Shenaaz Jamal chronicles her experience donning a so-called 'African' braided hairstyle and what she has taken from it.

Who and what African women are has been a complete mystery to me while growing up. What does she look like?

When I asked myself these questions, my mind seemed to be drawn to the image of a dark-skinned woman with coarse hair.

Mainly because this is all I’ve been fed for the most of my life. How is an African woman then defined? Why is she defined?

When I look around me, I don’t only see dark-skinned women with coarse hair, I see light ones too. Why, then, are African woman defined by their hair so often?

I am a mixed-race girl living in a race-obsessed society. I recently decided to stop defining myself by conforming to being an African or an Indian, or whatever, as it often seemed like I had to be something.

But wait, maybe not, because we, South Africans, have this in-between race we all refer to as “coloured” for those who can't find their “true” identity.

I have long, silky hair and always straighten it so as to fit into the “Indian” society, seeing that I live in Lenasia – a predominately Indian area south of Johannesburg.

For as long as I can remember, people always "struggled" to classify me. Borne to an Indian mother and a Portuguese father, I was either not “Indian” enough, not coloured enough or not black enough.

Quite frankly, no one could ever figure out what I was because of my natural curly hair – oh, and my fair skin just confuses people more.

One day after a shower, I looked at myself in the mirror while ran my fingers through my wet curls.

I continued doing this even after it had dried, and noticed I had some difficulty running my fingers through my dried hair. That’s when it finally hit me.

After years of confusion as to what race I belong to, or what my ethnicity was, it finally all made sense – the person I was looking at in the mirror is an African woman.

 

I often see black women with weaves on their heads, and have sat in hair salons long enough to see what is involved in having these strands of imported hair implanted on their hands.

What strikes me the most is the confidence they walk out of the salons with, whereas they were doing the walk-of-shame coming in.

I then wonder, do weaves change what an African woman is and does?

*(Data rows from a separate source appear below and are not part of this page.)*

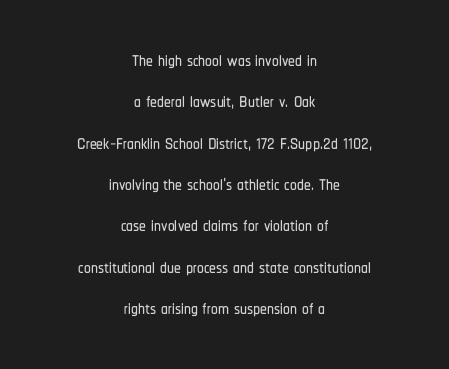
The letters stand straight up with perfectly vertical stems. The words here are not underlined. The whitespace from short lines is split evenly between both sides. The passage shown has conventional tracking throughout. In terms of leading, this rendering sits right in the middle.
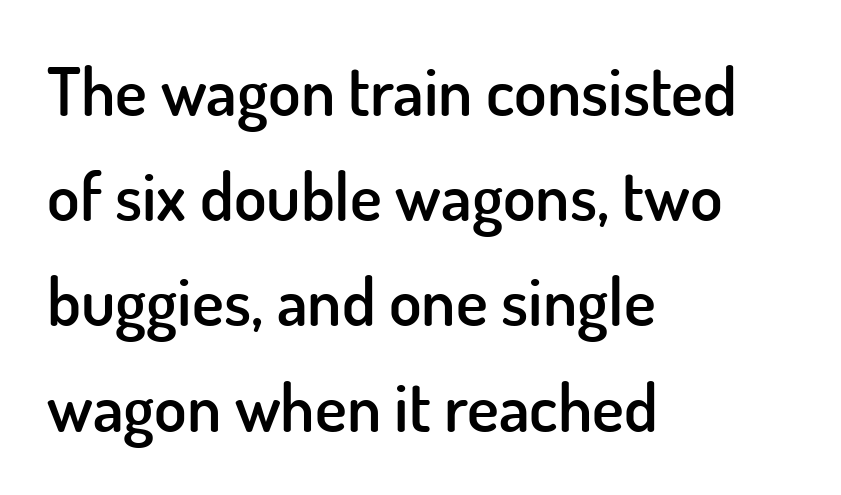
Characters remain perfectly vertical along every line. In terms of leading, this rendering sits right in the middle. Beneath every word, the page is bare. Compared with typical body copy, the letter spacing here is the same.
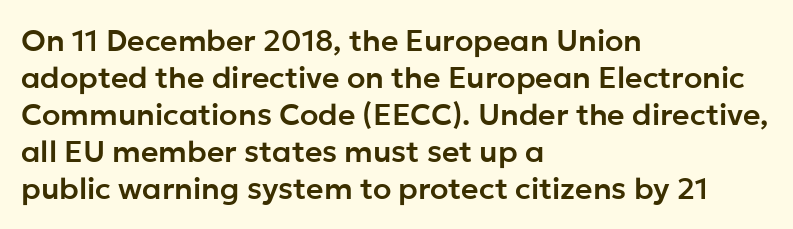
Q: Is the text italic (slanted)? A: No, it is upright.
Q: Is the typeface a serif or a sans-serif typeface? A: Sans-serif.
Q: Is the text underlined? A: No.
Q: How is the paragraph aligned? A: Left-aligned.
Q: Is the spacing between letters normal or unusually wide? A: Normal.
Q: Width (condensed, normal, or wide)? A: Normal.
Q: Stroke contrast? A: Low.
Q: x-height? A: Medium.
Q: Monospaced? A: No.
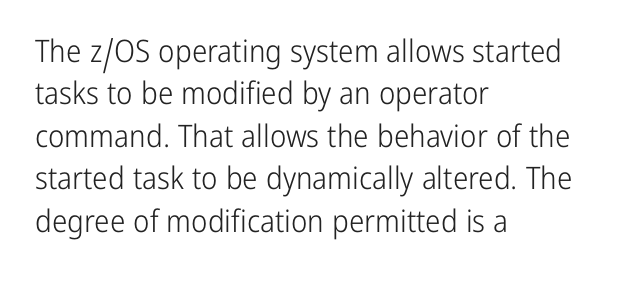
Honestly, there is no underline to notice here at all. Horizontal alignment here is leftward, the default for most running prose. These lines were composed using upright roman letters. This reads as an unemphasized weight, regular at the heaviest. The rendering uses natural spacing where letterforms have individual widths.
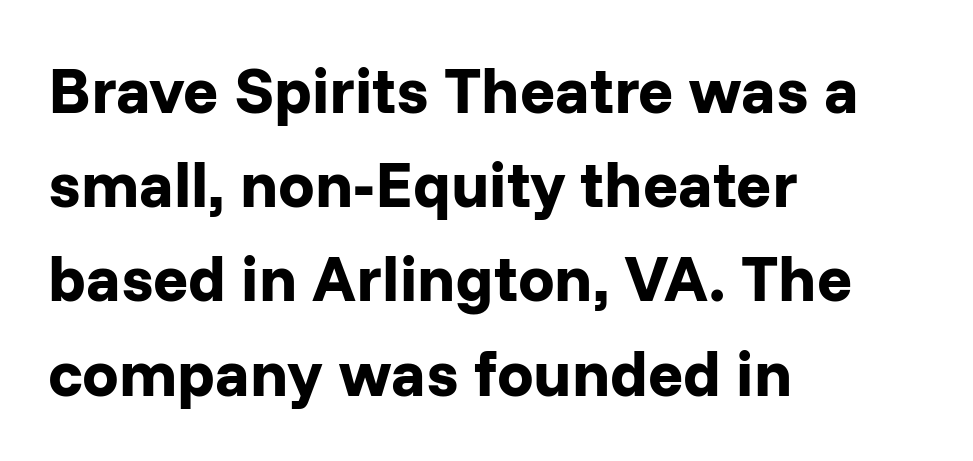
Q: Is the text bold? A: Yes.
Q: Is the text italic (slanted)? A: No, it is upright.
Q: Is the typeface a serif or a sans-serif typeface? A: Sans-serif.
Q: Is the text underlined? A: No.
Q: How is the paragraph aligned? A: Left-aligned.
Q: Is the spacing between letters normal or unusually wide? A: Normal.
Q: Is the spacing between lines tight, normal or loose? A: Normal.
Q: Width (condensed, normal, or wide)? A: Normal.
Q: Stroke contrast? A: Low.
Q: x-height? A: Medium.
Q: Monospaced? A: No.

I say no!

Weaves don’t make her any less African because she should not be defined by her hair, whether it is natural or fake, long or short, straight or curly.

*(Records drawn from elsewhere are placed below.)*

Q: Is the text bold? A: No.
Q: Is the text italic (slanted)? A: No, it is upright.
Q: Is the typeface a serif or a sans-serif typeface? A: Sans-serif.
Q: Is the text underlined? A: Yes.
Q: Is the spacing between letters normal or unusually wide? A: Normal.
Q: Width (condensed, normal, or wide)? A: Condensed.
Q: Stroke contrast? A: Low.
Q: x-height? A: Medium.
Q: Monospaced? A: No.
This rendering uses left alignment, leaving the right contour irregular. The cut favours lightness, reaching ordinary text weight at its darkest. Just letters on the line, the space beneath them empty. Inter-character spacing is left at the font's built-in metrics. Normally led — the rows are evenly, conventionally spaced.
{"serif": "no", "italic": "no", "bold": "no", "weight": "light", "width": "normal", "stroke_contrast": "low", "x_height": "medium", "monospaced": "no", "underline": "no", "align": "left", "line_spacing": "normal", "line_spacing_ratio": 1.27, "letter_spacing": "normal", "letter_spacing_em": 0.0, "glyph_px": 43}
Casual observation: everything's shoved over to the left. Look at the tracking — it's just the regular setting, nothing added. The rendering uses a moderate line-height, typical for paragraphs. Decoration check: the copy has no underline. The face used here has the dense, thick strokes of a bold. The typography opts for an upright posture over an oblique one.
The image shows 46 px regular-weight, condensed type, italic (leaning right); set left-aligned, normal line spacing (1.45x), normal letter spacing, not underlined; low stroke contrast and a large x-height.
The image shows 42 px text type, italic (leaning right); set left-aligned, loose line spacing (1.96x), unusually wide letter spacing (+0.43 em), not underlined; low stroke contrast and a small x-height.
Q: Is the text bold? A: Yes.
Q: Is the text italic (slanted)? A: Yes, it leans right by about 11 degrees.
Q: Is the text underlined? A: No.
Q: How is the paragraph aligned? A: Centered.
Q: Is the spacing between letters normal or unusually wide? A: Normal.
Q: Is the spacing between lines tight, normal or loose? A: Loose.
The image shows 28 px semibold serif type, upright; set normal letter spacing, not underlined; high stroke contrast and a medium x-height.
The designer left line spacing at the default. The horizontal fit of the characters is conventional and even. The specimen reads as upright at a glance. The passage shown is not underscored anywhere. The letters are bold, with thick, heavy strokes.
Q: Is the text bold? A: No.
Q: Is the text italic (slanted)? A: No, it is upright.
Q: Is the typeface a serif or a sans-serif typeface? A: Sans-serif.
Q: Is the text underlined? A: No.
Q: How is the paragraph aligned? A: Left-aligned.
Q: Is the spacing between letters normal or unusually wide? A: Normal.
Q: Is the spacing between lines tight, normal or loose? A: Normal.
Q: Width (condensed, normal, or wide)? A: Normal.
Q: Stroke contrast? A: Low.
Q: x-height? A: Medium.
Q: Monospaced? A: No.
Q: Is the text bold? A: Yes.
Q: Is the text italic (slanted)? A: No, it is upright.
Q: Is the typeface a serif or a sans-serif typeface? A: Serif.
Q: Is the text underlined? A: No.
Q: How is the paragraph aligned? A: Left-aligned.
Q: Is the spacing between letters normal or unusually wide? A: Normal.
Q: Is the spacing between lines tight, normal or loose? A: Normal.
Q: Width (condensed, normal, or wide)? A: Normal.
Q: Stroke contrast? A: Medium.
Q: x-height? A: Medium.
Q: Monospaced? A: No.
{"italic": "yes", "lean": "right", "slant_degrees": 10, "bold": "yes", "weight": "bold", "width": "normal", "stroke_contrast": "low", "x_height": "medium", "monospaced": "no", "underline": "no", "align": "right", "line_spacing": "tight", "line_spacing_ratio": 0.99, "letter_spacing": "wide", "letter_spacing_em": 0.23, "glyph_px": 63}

Her Africanism lives in her like it does in me.

So when I decided to switch things up and put in long braids on my head, it was much to my parents’ disapproval.

I remember how they exclaimed: “You have your own hair, why do you need those hair pieces on your head,” followed by, “Black people want your hair and here you are putting on their fake hair”.

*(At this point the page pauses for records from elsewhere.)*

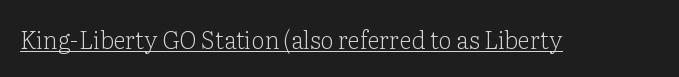
The image shows 24 px text type, upright; set normal letter spacing, underlined.
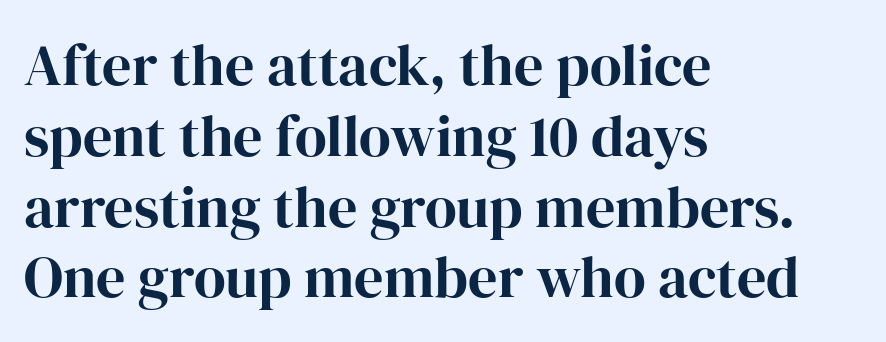
{"serif": "yes", "italic": "no", "width": "normal", "stroke_contrast": "high", "x_height": "medium", "monospaced": "no", "underline": "no", "align": "left", "line_spacing_ratio": 1.22, "letter_spacing": "normal", "letter_spacing_em": 0.0, "glyph_px": 58}
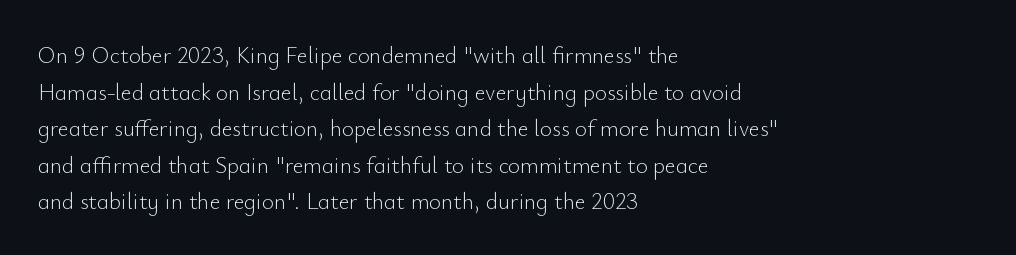
Notice how descenders clear the ascenders below comfortably — that's standard leading. Heft: none added — not bold. Posture: upright roman. The tracking reads as untouched default to a designer's eye. If you drew a ruler down the left edge, every line would touch it.
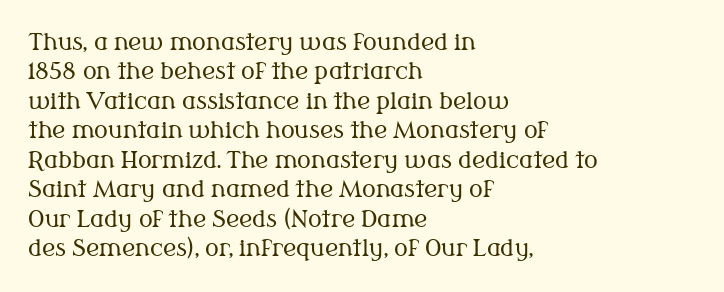
{"italic": "no", "bold": "no", "underline": "no", "align": "left", "line_spacing": "normal", "line_spacing_ratio": 1.28, "letter_spacing": "normal", "letter_spacing_em": 0.0, "glyph_px": 23}
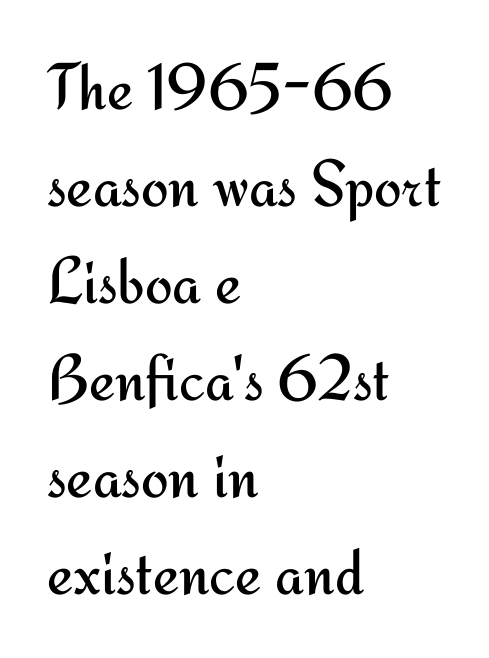
Q: Is the text bold? A: No.
Q: Is the text italic (slanted)? A: No, it is upright.
Q: Is the typeface a serif or a sans-serif typeface? A: Sans-serif.
Q: Is the text underlined? A: No.
Q: How is the paragraph aligned? A: Left-aligned.
Q: Is the spacing between letters normal or unusually wide? A: Normal.
Q: Is the spacing between lines tight, normal or loose? A: Normal.
Q: Width (condensed, normal, or wide)? A: Normal.
Q: Stroke contrast? A: Medium.
Q: x-height? A: Small.
Q: Monospaced? A: No.

I gasped in disbelief, not from being shocked by what they said, but rather how they, too, sounded like parrots of the “society” they lived in.

And I couldn’t blame them; I understood that they were simply conforming to what they knew.

I was also taken aback by the local trader who I bought the hair piece. She was under the impression that I was there to buy the hair for someone else and couldn’t hide her shock when I said it was for me.

“But why do you want this African hair style,” she asked, “you have such nice hair that I would die for."

But I am not African? This once again proved to me that women, no matter what race, ethnicity, culture, etc, are expected to look a certain way and be content with it.

I must admit, I have gained a lot of respect for all the women who sit for hours and days braiding their hair or putting in a weave. It is a long process.

When I got up from my salon chair after nearly five hours of plaiting, I looked at myself in the long mirror.

What I saw nearly brought me to tears. I looked different, but so beautiful. But I didn’t feel like a different person.

What this experience has taught me is that Africanism doesn’t lie in one’s hair, but rather in their beliefs, values and principles.

Where I come from, who I am, my hair, my skin tone; those things will never change.

I am an African child. No, I am the definition of an African woman.